Rex Credit Co. v. Kirsch

4 So. 2d 797
CourtLouisiana Court of Appeal
DecidedDecember 1, 1941
DocketNo. 17590.
StatusPublished
Cited by16 cases

This text of 4 So. 2d 797 (Rex Credit Co. v. Kirsch) is published on Counsel Stack Legal Research, covering Louisiana Court of Appeal primary law. Counsel Stack provides free access to over 12 million legal documents including statutes, case law, regulations, and constitutions.

Bluebook
Rex Credit Co. v. Kirsch, 4 So. 2d 797 (La. Ct. App. 1941).

Opinion

Rex Credit Company, Inc., named payee in a promissory note made by Charles Kirsch and William Donnaud, prays for judgment against Kirsch for the unpaid balance alleged to be due on the note together with interest and attorney's fees as stipulated in the note. It is alleged that the note was originally for $300 and was payable in installments of $25 each due on the twenty-first day of each month, commencing with the payment which was due on September 21st, 1940, and that the first four installments have been paid, but that the amount due on January 21st, 1941, was not paid, and it is claimed that the failure to make this payment when due has, because of the acceleration clause in the note, matured all of the remaining installments and has also rendered the makers liable for an attorney's fee of 20 per cent on the total amount due.
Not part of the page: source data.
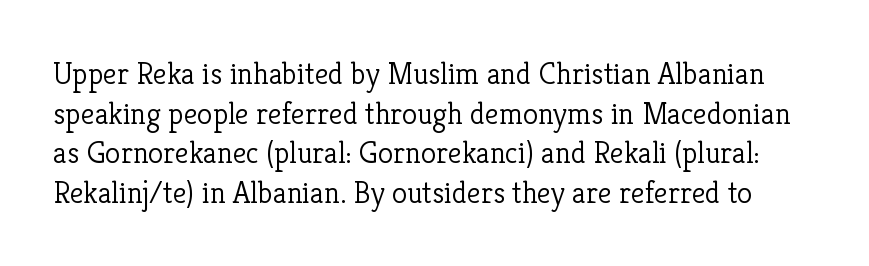
{"serif": "yes", "italic": "no", "bold": "no", "weight": "light", "width": "normal", "stroke_contrast": "low", "x_height": "medium", "monospaced": "no", "underline": "no", "line_spacing": "normal", "line_spacing_ratio": 1.28, "letter_spacing": "normal", "letter_spacing_em": 0.0, "glyph_px": 31}
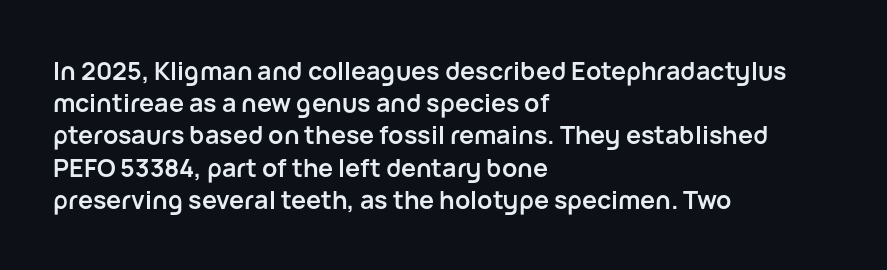
{"italic": "no", "bold": "yes", "underline": "no", "align": "left", "line_spacing": "normal", "line_spacing_ratio": 1.29, "letter_spacing": "normal", "letter_spacing_em": 0.0, "glyph_px": 25}
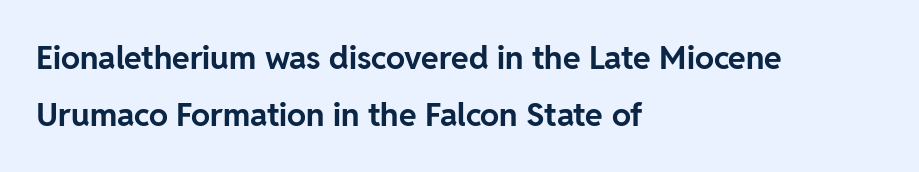
{"serif": "no", "italic": "no", "bold": "yes", "weight": "bold", "width": "normal", "stroke_contrast": "low", "x_height": "medium", "monospaced": "no", "underline": "no", "align": "left", "line_spacing_ratio": 1.78, "letter_spacing": "normal", "letter_spacing_em": 0.0, "glyph_px": 32}

Kirsch admits the execution of the note and that the payment which was due on January 21st, 1941, was not made on that day and that it has not since been accepted by the payee, but he avers that each of the first four payments was made several days after it became due; that the amount due on January 21st, 1941, was tendered on January 31st, 1941, and he contends that, by accepting each of the first four payments several days after it was due, plaintiff acquiesced in the establishment of a course of conduct as a result of which, it should be held to have waived its right to enforce the acceleration clause unless it should first give notice to the makers of the note of its intention to insist that in future it would strictly enforce all of the stipulations contained in the note, and particularly that it intended to take advantage of the acceleration clause should there be further tardiness in the making of installment payments.

There was judgment ordering plaintiff to accept the amount tendered in payment of the installment due on January 21st, 1941, and dismissing the suit in all other respects. Plaintiff has appealed.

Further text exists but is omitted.